Personally, I suggest using some, even if imperfect, validation when gathering the email initially (for the reasons you point out) and then not validating that information any further.
I’m always suspicious when sites cap passwords at < 32 characters, that almost always means it’s being stored in a reversesble format someplace - maybe encrypted, maybe obfuscated, or maybe not either (banks).
The sites I really trust don’t care how long your password is because their hash size is fixed. The only real length consideration might be that if a bunch of people send obnoxiously long passwords at the same time and they are using bcryprt or scrypt it might stress the server’s cpu, so they might put an upper limit to prevent that.
e.g. It drives me BONKERS how many systems absolutely reject my single-letter email (~"N@domain.com"), which I created specifically to make it easy and safe to type on mobile devices etc. Others will reject the "+" sign, or underscore, or dot/period, or (brilliantly) two periods or underscors, etc etc etc :=/
Writing code that doesn't need to exist that has a possible failure mode of not letting someone sign up at all is just a bad decision. If you're going to write that code, either go through the effort of getting it completely right or soften the failure mode. If you really think the user is somehow mistyping their email with special characters or an unusual TLD, then you could show them a non-blocking warning message.
(Actually RFC5322 already deprecates some syntaxes. For example, "John Hacker"."Ph.D., Esq."@example.com is a deprecated syntax (obs-local-part), because it contains multiple quoted-string components separated by dots.)
> or (brilliantly) two periods or underscors
Two or more consecutive periods is actually disallowed by RFC5322 (unless quoted). firstname.lastname@example.org is a valid address, foo..email@example.com is not. ("foo..bar"@example.com is however)
If enough people wrote in about not accepting one letter email addresses, then they would likely update the validation.
But if customer service tells users to use another email address in that scenario and the customer does that, then it might not be worth the effort to fix it.
Better to warm an email doesn’t look right, but let them continue if they want to
When I want to check postage or whatever, and they require an email address, firstname.lastname@example.org typically doesn't work, but email@example.com does.
I go a little farther. I figure an attentive spammer might figure out that if I use firstname.lastname@example.org to sign up for Amazon, I may have exactly the scheme where *@johnsmith.net will work, so they can just add that to the spam list as a wildcard and pick a new address every time. So instead, I use email@example.com, john102, john103, etc, to try and obscure my strategy and prolong the life of the domain forwarding.
Also unless you're keeping a lookup table you're losing a great benefit of the wildcard. You can, and I have caught a few places, tell when a company sells your email. If I get an email from company XYZ to my email firstname.lastname@example.org I know exactly who sold my email and to whom.
> unless you're keeping a lookup table you're losing a great benefit of the wildcard
That's true, I don't keep a lookup table per se, though I do have a deleted items folder that I could look back in. I'm not sure what I would do, though, if I knew what particular company sold my email address? Send them a nastygram they will just ignore? I just block the address and move on.
AFAIU, most buld spam is targeted on gullible or vulnerable people. The spam is often terrible on purpose.
Sophisticated or targeted attacks are a different category and they may be a good reason to prefer something non-guessable.

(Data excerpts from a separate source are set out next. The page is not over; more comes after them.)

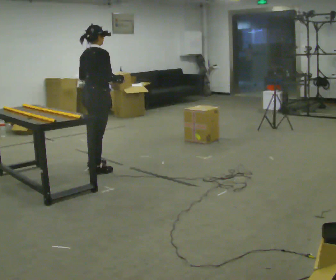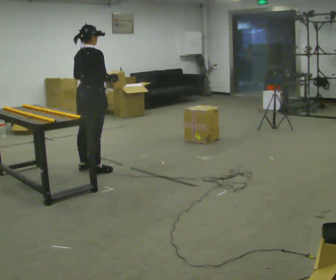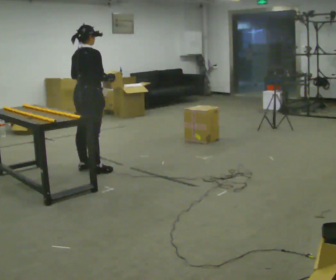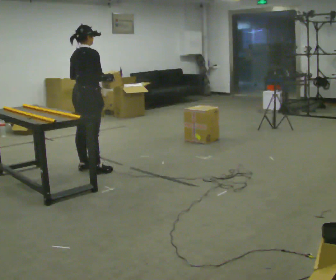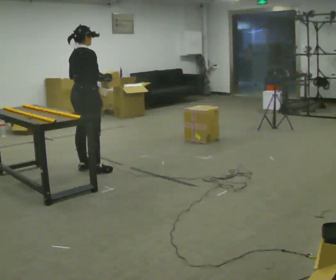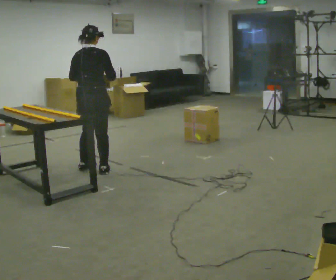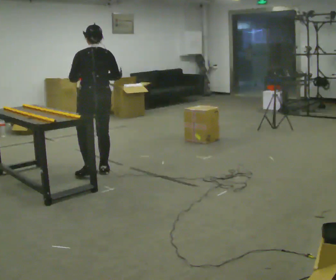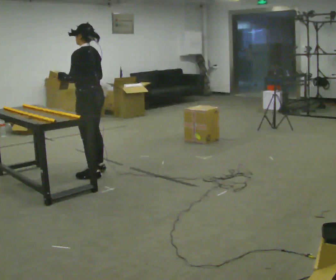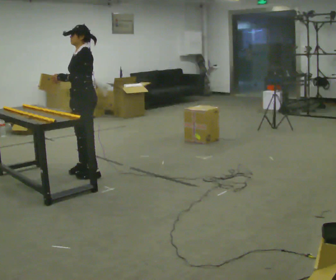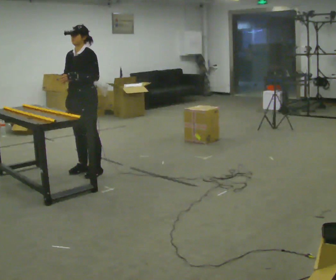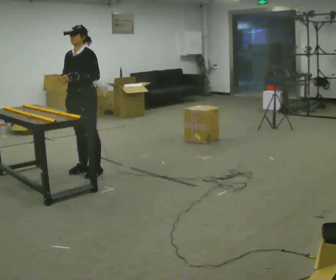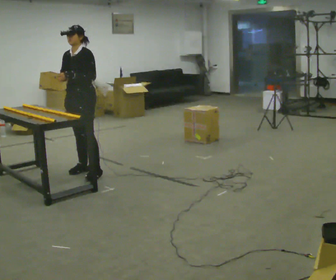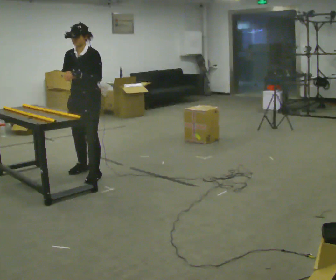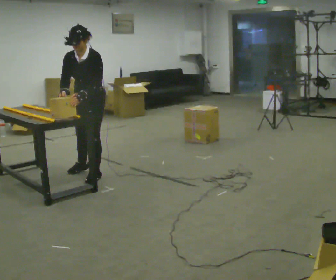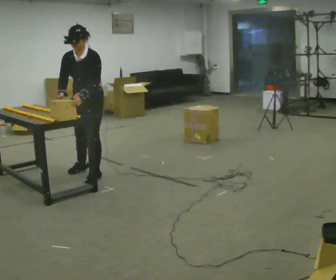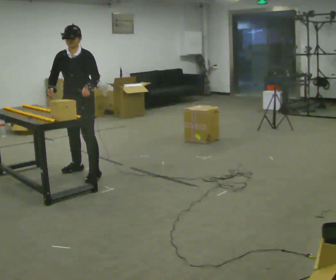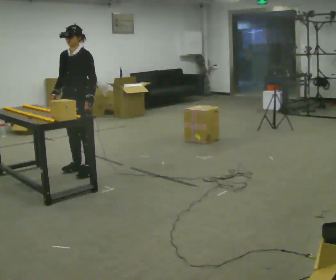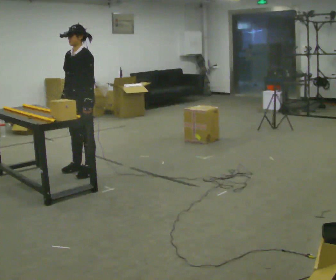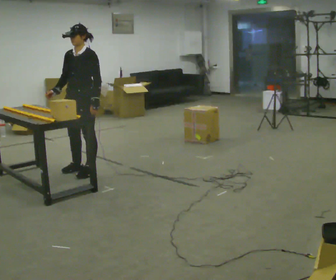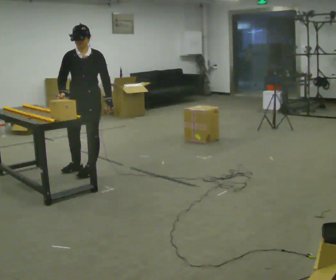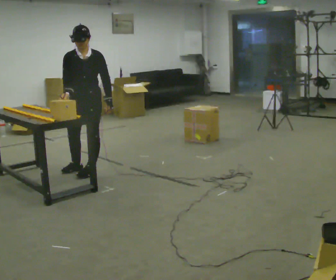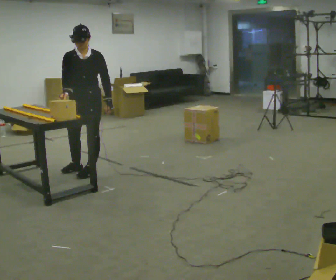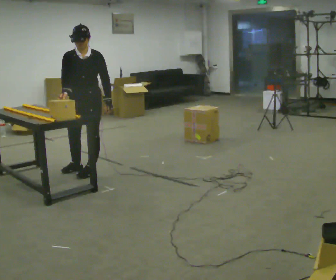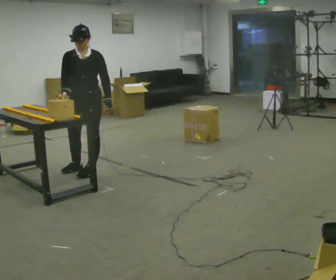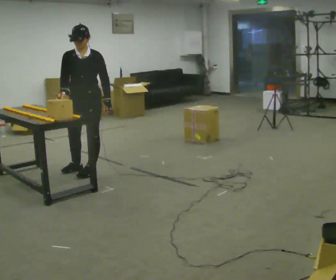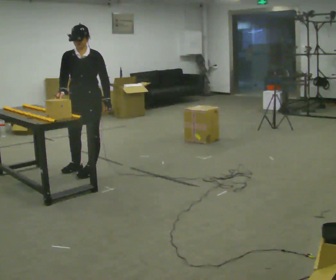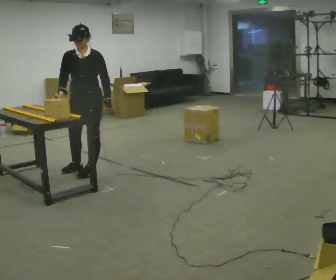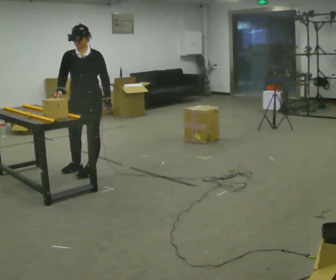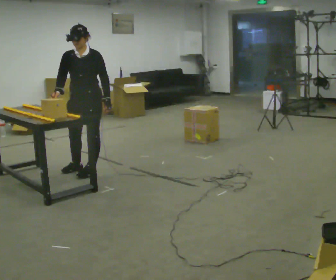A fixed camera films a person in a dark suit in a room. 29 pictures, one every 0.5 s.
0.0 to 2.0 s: The person moves a little, or ends about where they began.
2.0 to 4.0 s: Seen from above the body turns counterclockwise, about 165 degrees: to their left, with its near side sliding to the right. In the picture their right hand goes to the left.
4.0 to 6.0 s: Seen from above the body turns counterclockwise, about 30 degrees: to their left, with its near side sliding to the right.
6.0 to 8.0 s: In the picture they go away from the camera, about 0.25 m, which for them is to their right.
8.0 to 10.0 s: Seen from above the body turns counterclockwise, about 30 degrees: to their left, with its near side sliding to the right.
10.0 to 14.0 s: The person moves a little, or ends about where they began.
The film runs backward here.
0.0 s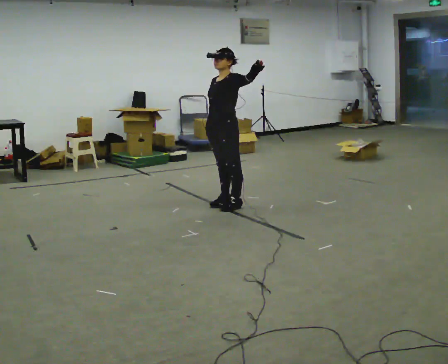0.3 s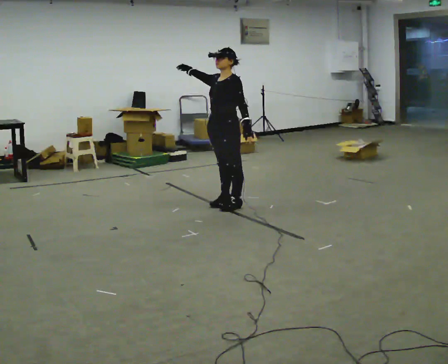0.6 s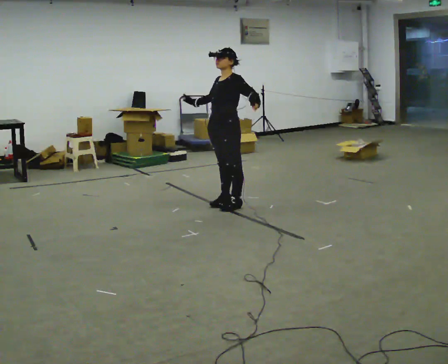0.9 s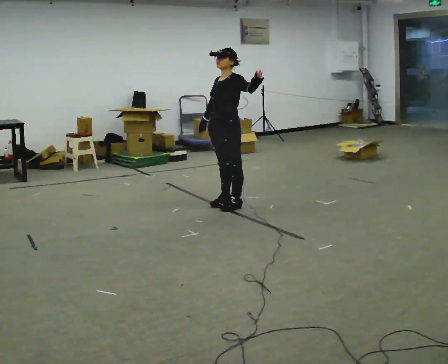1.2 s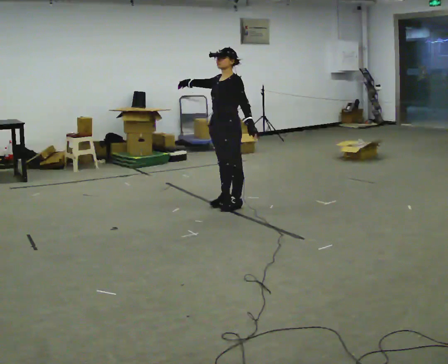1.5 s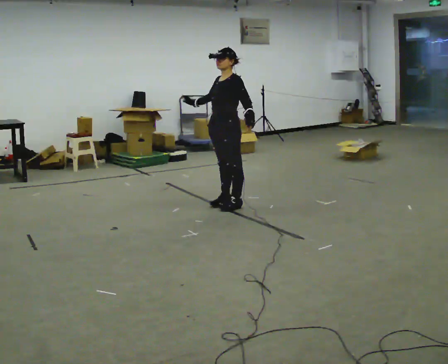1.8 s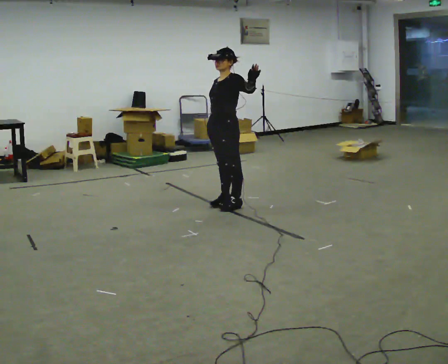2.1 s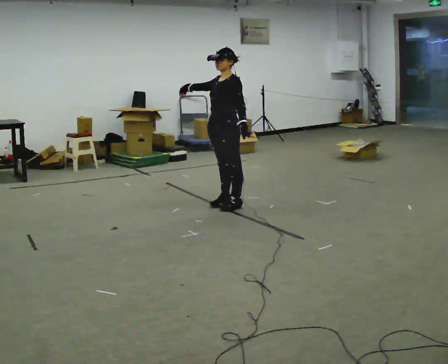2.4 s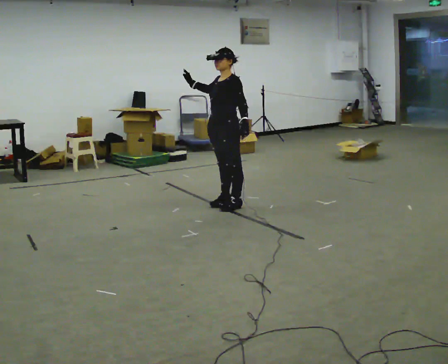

At least a few years ago, I noticed a lot of spam to <random first name>@<my domain> -- i.e., completely made-up addresses that I had never used. Since messages sent to those addresses were guaranteed to be spam, I started treating them as free training data for the spam filter.
I don't know if this still happens, though, because I haven't looked.
It seems like an obvious thing to try, but maybe not worth the effort of implementing it, given the high risk of false positives and the low % of people who actually do stuff like this (not to mention they're probably not people who click on ads anyway).
I have found this to work; I hardly receive any spam at all, and do not need any separate spam filter.
Additionally, sending a test email like that might also get the sender placed on a black list for triggering a spam trap inadvertently.
Do you know any site blocking domains with a catchall?
Worse, I know at least 5 or 6 people personally, which do catch all. It seems like a very poor method to reliably catch spammers.
EDIT: moreover, a service is perfectly within their rights to _internally_ store my email as `email@example.com` if they want - but they should still accept `firstname.lastname@example.org` as the identifier used to login with.
I've received spam emails to at least 70 different +addresses. It is absolutely useful for antispam.
Spammers don't care about the reputation of the company they bought or stole the data from.
Not all email providers support the + notion so you'd have to run domain lookup on some hard coded list
Also anyone with gmail address can also place dots almost anywhere into the local part, to create another unique address without using a + sign.
Contrary to popular belief, it is not a gmail feature.
I first heard of the + as destination filtering in the very early 90s at CMU where it was broadly used. Every single email address I've had since then has support the same (and notably, apart from a test account, I've never used gmail much, so that's not including gmail).
The '+' alias feature is a fairly common configuration, though, so for source labels it's better to either treat all unlabeled messages as spam or else use a more opaque labeling scheme (email@example.com) which doesn't hint at an alternative untracked email address.
That whole setup for tidiness is broken the moment a desired website does not accept an alias in your address, of course.
Why? They don't care about protecting the business interests of wherever they got that address from, and it's not like stripping the plus off will meaningfully increase the success rate.
Don't get clever, just follow the spec.
My email is refused by 0% of ecommerce shops... because I just have a normal email.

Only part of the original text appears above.